• **BRIEF**
Lines from the one containing "Transcribe the Devanagari" through the final line of the records below are needed, copied exactly, with no pictures.

• **DATASET**
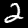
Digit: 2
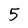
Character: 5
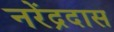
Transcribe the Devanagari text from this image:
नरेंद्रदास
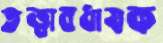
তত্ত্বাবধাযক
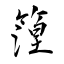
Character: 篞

• **RESULT BELOW**
Transcribe the Devanagari text from this image:
नरेंद्रदास
তত্ত্বাবধাযক
Character: 篞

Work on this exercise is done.